[Collected data entries]

*** Begin section ***

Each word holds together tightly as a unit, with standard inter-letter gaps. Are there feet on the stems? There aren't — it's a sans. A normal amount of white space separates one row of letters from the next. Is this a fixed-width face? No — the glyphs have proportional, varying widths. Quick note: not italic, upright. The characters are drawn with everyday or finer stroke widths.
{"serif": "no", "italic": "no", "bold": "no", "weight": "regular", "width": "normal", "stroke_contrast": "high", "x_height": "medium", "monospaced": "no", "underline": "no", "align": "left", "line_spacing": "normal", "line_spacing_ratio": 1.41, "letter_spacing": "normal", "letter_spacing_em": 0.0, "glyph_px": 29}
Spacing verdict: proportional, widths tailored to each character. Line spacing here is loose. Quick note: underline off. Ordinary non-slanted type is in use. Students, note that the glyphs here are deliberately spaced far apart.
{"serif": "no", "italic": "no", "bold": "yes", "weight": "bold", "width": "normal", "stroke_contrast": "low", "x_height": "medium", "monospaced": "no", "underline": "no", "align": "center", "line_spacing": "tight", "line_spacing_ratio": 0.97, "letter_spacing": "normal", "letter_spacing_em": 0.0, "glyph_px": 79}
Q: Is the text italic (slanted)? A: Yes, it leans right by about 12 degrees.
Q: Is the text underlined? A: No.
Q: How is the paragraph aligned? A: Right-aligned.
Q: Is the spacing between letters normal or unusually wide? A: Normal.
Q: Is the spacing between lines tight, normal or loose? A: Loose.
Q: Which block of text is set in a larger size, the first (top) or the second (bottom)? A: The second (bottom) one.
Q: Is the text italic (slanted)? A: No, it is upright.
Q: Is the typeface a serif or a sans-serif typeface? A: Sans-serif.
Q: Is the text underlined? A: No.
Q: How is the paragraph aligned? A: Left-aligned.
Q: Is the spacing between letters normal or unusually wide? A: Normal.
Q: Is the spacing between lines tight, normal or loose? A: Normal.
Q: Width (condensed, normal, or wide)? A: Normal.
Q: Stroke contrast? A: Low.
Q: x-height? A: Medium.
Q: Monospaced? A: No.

*** End section ***

**Directions**. Extract all of the data shown above without alteration.

**Reply**.
Each word holds together tightly as a unit, with standard inter-letter gaps. Are there feet on the stems? There aren't — it's a sans. A normal amount of white space separates one row of letters from the next. Is this a fixed-width face? No — the glyphs have proportional, varying widths. Quick note: not italic, upright. The characters are drawn with everyday or finer stroke widths.
{"serif": "no", "italic": "no", "bold": "no", "weight": "regular", "width": "normal", "stroke_contrast": "high", "x_height": "medium", "monospaced": "no", "underline": "no", "align": "left", "line_spacing": "normal", "line_spacing_ratio": 1.41, "letter_spacing": "normal", "letter_spacing_em": 0.0, "glyph_px": 29}
Spacing verdict: proportional, widths tailored to each character. Line spacing here is loose. Quick note: underline off. Ordinary non-slanted type is in use. Students, note that the glyphs here are deliberately spaced far apart.
{"serif": "no", "italic": "no", "bold": "yes", "weight": "bold", "width": "normal", "stroke_contrast": "low", "x_height": "medium", "monospaced": "no", "underline": "no", "align": "center", "line_spacing": "tight", "line_spacing_ratio": 0.97, "letter_spacing": "normal", "letter_spacing_em": 0.0, "glyph_px": 79}
Q: Is the text italic (slanted)? A: Yes, it leans right by about 12 degrees.
Q: Is the text underlined? A: No.
Q: How is the paragraph aligned? A: Right-aligned.
Q: Is the spacing between letters normal or unusually wide? A: Normal.
Q: Is the spacing between lines tight, normal or loose? A: Loose.
Q: Which block of text is set in a larger size, the first (top) or the second (bottom)? A: The second (bottom) one.
Q: Is the text italic (slanted)? A: No, it is upright.
Q: Is the typeface a serif or a sans-serif typeface? A: Sans-serif.
Q: Is the text underlined? A: No.
Q: How is the paragraph aligned? A: Left-aligned.
Q: Is the spacing between letters normal or unusually wide? A: Normal.
Q: Is the spacing between lines tight, normal or loose? A: Normal.
Q: Width (condensed, normal, or wide)? A: Normal.
Q: Stroke contrast? A: Low.
Q: x-height? A: Medium.
Q: Monospaced? A: No.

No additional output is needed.